Without the images, write out the whole listing exactly.

### EXTRACTED DATA
..............................

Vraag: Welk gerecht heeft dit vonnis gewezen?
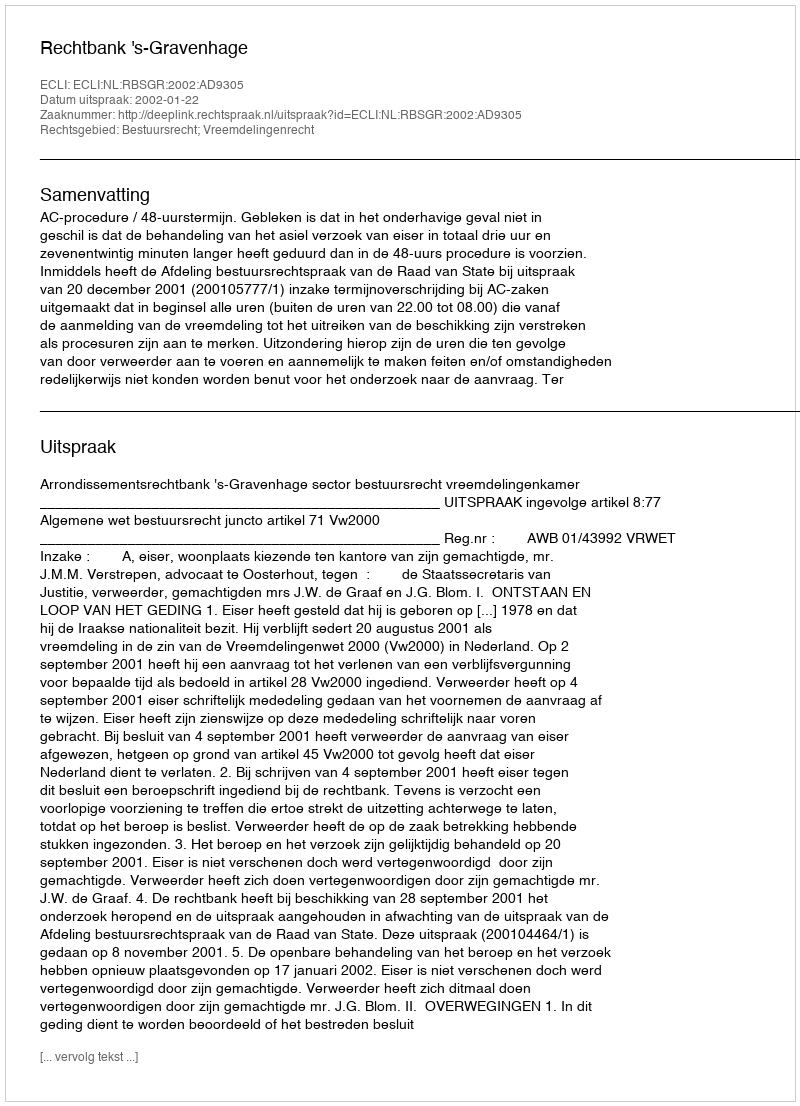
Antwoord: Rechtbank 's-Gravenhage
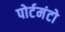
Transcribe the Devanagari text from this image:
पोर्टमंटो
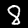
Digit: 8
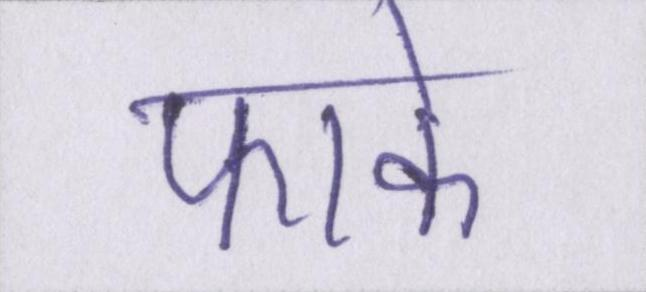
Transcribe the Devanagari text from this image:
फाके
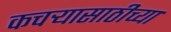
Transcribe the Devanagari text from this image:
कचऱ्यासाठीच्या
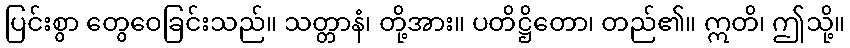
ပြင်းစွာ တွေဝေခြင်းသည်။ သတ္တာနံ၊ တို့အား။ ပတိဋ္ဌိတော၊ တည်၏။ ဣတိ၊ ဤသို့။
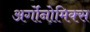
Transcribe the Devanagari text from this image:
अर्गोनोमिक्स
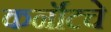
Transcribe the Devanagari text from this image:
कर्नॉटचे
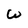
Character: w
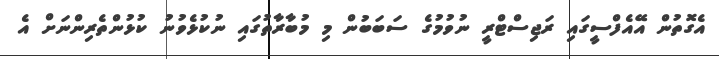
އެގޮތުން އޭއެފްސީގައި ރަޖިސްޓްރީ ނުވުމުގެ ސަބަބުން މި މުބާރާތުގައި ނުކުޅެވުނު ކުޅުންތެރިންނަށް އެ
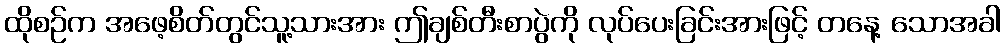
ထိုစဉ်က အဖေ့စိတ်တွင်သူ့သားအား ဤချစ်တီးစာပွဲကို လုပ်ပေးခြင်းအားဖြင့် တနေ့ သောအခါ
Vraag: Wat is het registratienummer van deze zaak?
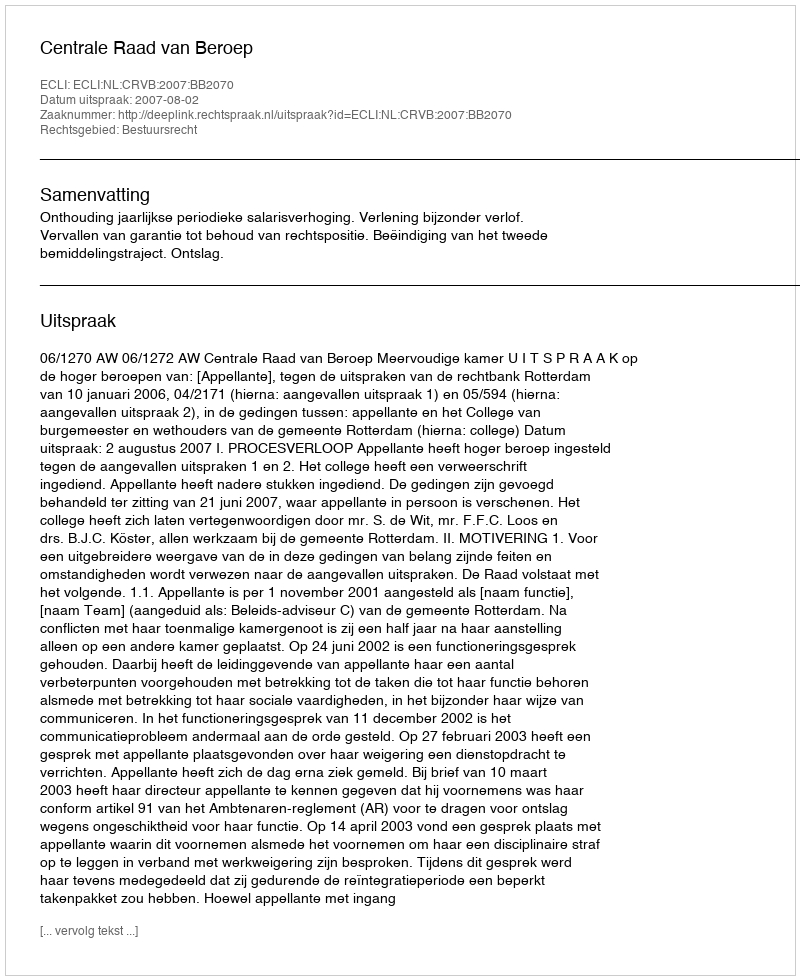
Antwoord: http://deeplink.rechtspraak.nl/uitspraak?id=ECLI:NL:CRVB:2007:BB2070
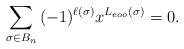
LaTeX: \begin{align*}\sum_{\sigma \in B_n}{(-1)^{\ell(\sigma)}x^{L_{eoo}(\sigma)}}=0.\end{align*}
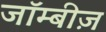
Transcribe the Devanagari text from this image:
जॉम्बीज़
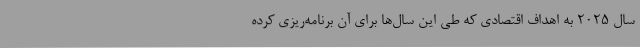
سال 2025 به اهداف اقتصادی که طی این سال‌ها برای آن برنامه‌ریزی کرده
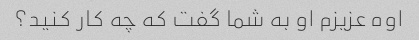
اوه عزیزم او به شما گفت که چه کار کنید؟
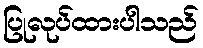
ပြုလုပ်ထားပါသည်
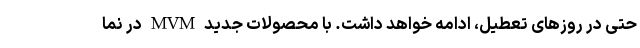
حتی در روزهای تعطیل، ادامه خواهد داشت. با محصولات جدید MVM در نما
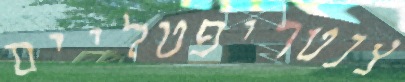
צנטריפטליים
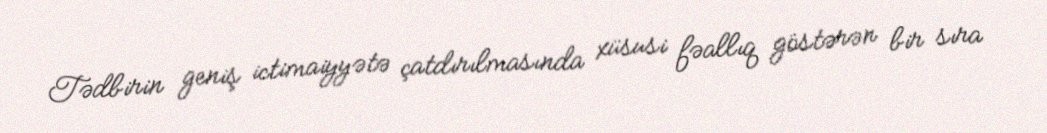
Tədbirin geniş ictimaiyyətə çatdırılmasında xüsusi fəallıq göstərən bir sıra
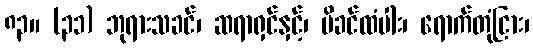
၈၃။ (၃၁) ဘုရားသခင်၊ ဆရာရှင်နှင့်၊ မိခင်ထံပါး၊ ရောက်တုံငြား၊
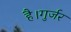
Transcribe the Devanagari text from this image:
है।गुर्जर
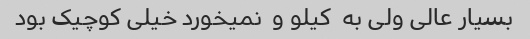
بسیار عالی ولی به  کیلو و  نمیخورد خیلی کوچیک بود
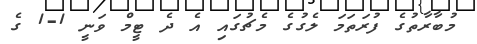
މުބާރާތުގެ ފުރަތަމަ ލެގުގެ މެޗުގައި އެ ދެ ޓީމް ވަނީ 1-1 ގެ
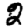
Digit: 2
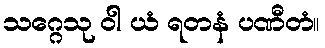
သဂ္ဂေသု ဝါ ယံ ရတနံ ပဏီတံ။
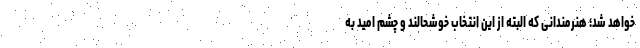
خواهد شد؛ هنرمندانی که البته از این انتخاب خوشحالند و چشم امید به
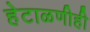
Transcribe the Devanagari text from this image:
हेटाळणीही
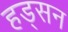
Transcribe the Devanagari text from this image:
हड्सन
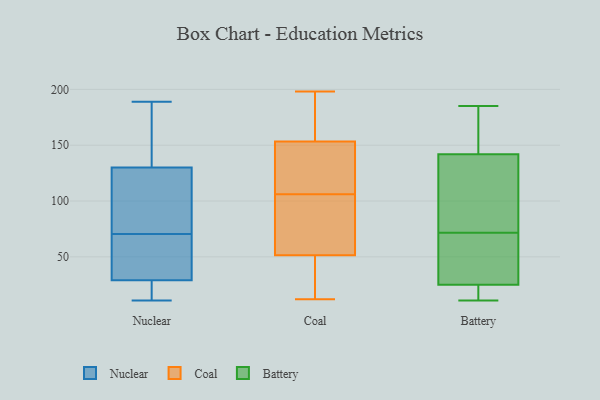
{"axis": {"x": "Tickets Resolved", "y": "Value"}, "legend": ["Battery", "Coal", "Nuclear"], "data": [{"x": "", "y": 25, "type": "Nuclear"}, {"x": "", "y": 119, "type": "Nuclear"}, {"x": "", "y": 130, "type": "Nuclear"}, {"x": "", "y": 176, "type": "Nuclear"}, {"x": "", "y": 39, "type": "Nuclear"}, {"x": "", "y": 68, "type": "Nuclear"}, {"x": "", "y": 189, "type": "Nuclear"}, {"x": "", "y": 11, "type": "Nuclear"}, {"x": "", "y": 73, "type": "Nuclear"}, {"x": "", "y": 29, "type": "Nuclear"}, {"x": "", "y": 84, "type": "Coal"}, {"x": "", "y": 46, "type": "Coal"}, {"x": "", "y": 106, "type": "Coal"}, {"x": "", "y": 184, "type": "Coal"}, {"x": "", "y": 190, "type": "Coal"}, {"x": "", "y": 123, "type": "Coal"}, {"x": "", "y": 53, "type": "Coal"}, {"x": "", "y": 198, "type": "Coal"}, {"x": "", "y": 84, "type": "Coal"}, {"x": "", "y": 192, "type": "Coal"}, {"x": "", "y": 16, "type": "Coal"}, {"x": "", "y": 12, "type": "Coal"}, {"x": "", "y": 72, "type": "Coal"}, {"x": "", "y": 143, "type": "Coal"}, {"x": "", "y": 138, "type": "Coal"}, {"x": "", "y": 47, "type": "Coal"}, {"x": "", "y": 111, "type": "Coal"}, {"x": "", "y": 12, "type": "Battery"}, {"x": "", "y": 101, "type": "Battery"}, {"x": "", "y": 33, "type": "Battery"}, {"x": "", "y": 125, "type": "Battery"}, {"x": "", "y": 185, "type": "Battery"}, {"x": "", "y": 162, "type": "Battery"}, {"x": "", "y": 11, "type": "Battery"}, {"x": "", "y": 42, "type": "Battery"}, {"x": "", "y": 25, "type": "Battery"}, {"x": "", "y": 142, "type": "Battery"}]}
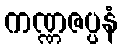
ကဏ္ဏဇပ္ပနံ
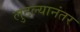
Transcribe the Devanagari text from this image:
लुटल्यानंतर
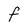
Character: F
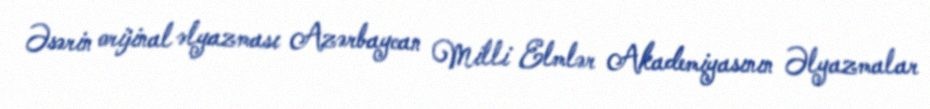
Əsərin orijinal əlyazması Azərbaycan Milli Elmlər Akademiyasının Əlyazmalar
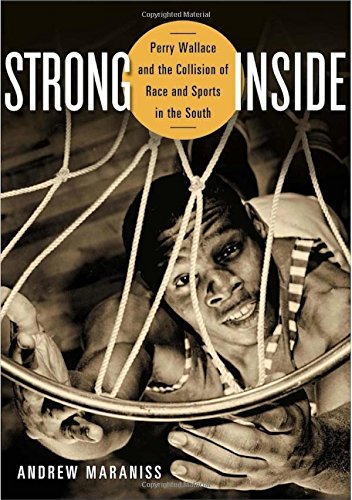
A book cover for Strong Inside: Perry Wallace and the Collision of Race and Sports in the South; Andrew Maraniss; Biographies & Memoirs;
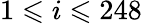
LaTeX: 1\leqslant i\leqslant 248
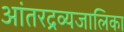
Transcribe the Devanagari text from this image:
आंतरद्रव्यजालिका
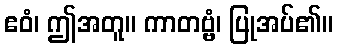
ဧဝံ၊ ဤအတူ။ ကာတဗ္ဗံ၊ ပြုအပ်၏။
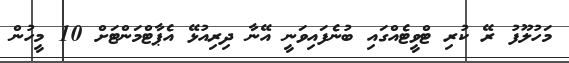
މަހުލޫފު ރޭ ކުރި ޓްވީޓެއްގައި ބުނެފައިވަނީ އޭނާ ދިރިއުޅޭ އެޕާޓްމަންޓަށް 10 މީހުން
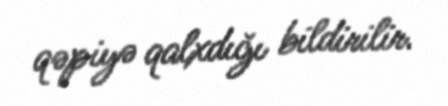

..............................

### RESPONSE BOX
Vraag: Welk gerecht heeft dit vonnis gewezen?
Antwoord: Rechtbank 's-Gravenhage
Transcribe the Devanagari text from this image:
पोर्टमंटो
Digit: 8
Transcribe the Devanagari text from this image:
फाके
Transcribe the Devanagari text from this image:
कचऱ्यासाठीच्या
ပြင်းစွာ တွေဝေခြင်းသည်။ သတ္တာနံ၊ တို့အား။ ပတိဋ္ဌိတော၊ တည်၏။ ဣတိ၊ ဤသို့။
Transcribe the Devanagari text from this image:
अर्गोनोमिक्स
Transcribe the Devanagari text from this image:
कर्नॉटचे
Character: w
އެގޮތުން އޭއެފްސީގައި ރަޖިސްޓްރީ ނުވުމުގެ ސަބަބުން މި މުބާރާތުގައި ނުކުޅެވުނު ކުޅުންތެރިންނަށް އެ
ထိုစဉ်က အဖေ့စိတ်တွင်သူ့သားအား ဤချစ်တီးစာပွဲကို လုပ်ပေးခြင်းအားဖြင့် တနေ့ သောအခါ
Vraag: Wat is het registratienummer van deze zaak?
Antwoord: http://deeplink.rechtspraak.nl/uitspraak?id=ECLI:NL:CRVB:2007:BB2070
LaTeX: \begin{align*}\sum_{\sigma \in B_n}{(-1)^{\ell(\sigma)}x^{L_{eoo}(\sigma)}}=0.\end{align*}
Transcribe the Devanagari text from this image:
जॉम्बीज़
سال 2025 به اهداف اقتصادی که طی این سال‌ها برای آن برنامه‌ریزی کرده
اوه عزیزم او به شما گفت که چه کار کنید؟
ပြုလုပ်ထားပါသည်
حتی در روزهای تعطیل، ادامه خواهد داشت. با محصولات جدید MVM در نما
צנטריפטליים
Tədbirin geniş ictimaiyyətə çatdırılmasında xüsusi fəallıq göstərən bir sıra
၈၃။ (၃၁) ဘုရားသခင်၊ ဆရာရှင်နှင့်၊ မိခင်ထံပါး၊ ရောက်တုံငြား၊
Transcribe the Devanagari text from this image:
है।गुर्जर
بسیار عالی ولی به  کیلو و  نمیخورد خیلی کوچیک بود
މުބާރާތުގެ ފުރަތަމަ ލެގުގެ މެޗުގައި އެ ދެ ޓީމް ވަނީ 1-1 ގެ
Digit: 2
သဂ္ဂေသု ဝါ ယံ ရတနံ ပဏီတံ။
خواهد شد؛ هنرمندانی که البته از این انتخاب خوشحالند و چشم امید به
Transcribe the Devanagari text from this image:
हेटाळणीही
Transcribe the Devanagari text from this image:
हड्सन
{"axis": {"x": "Tickets Resolved", "y": "Value"}, "legend": ["Battery", "Coal", "Nuclear"], "data": [{"x": "", "y": 25, "type": "Nuclear"}, {"x": "", "y": 119, "type": "Nuclear"}, {"x": "", "y": 130, "type": "Nuclear"}, {"x": "", "y": 176, "type": "Nuclear"}, {"x": "", "y": 39, "type": "Nuclear"}, {"x": "", "y": 68, "type": "Nuclear"}, {"x": "", "y": 189, "type": "Nuclear"}, {"x": "", "y": 11, "type": "Nuclear"}, {"x": "", "y": 73, "type": "Nuclear"}, {"x": "", "y": 29, "type": "Nuclear"}, {"x": "", "y": 84, "type": "Coal"}, {"x": "", "y": 46, "type": "Coal"}, {"x": "", "y": 106, "type": "Coal"}, {"x": "", "y": 184, "type": "Coal"}, {"x": "", "y": 190, "type": "Coal"}, {"x": "", "y": 123, "type": "Coal"}, {"x": "", "y": 53, "type": "Coal"}, {"x": "", "y": 198, "type": "Coal"}, {"x": "", "y": 84, "type": "Coal"}, {"x": "", "y": 192, "type": "Coal"}, {"x": "", "y": 16, "type": "Coal"}, {"x": "", "y": 12, "type": "Coal"}, {"x": "", "y": 72, "type": "Coal"}, {"x": "", "y": 143, "type": "Coal"}, {"x": "", "y": 138, "type": "Coal"}, {"x": "", "y": 47, "type": "Coal"}, {"x": "", "y": 111, "type": "Coal"}, {"x": "", "y": 12, "type": "Battery"}, {"x": "", "y": 101, "type": "Battery"}, {"x": "", "y": 33, "type": "Battery"}, {"x": "", "y": 125, "type": "Battery"}, {"x": "", "y": 185, "type": "Battery"}, {"x": "", "y": 162, "type": "Battery"}, {"x": "", "y": 11, "type": "Battery"}, {"x": "", "y": 42, "type": "Battery"}, {"x": "", "y": 25, "type": "Battery"}, {"x": "", "y": 142, "type": "Battery"}]}
ကဏ္ဏဇပ္ပနံ
Transcribe the Devanagari text from this image:
लुटल्यानंतर
Character: F
Əsərin orijinal əlyazması Azərbaycan Milli Elmlər Akademiyasının Əlyazmalar
A book cover for Strong Inside: Perry Wallace and the Collision of Race and Sports in the South; Andrew Maraniss; Biographies & Memoirs;
LaTeX: 1\leqslant i\leqslant 248
Transcribe the Devanagari text from this image:
आंतरद्रव्यजालिका
ဧဝံ၊ ဤအတူ။ ကာတဗ္ဗံ၊ ပြုအပ်၏။
މަހުލޫފު ރޭ ކުރި ޓްވީޓެއްގައި ބުނެފައިވަނީ އޭނާ ދިރިއުޅޭ އެޕާޓްމަންޓަށް 10 މީހުން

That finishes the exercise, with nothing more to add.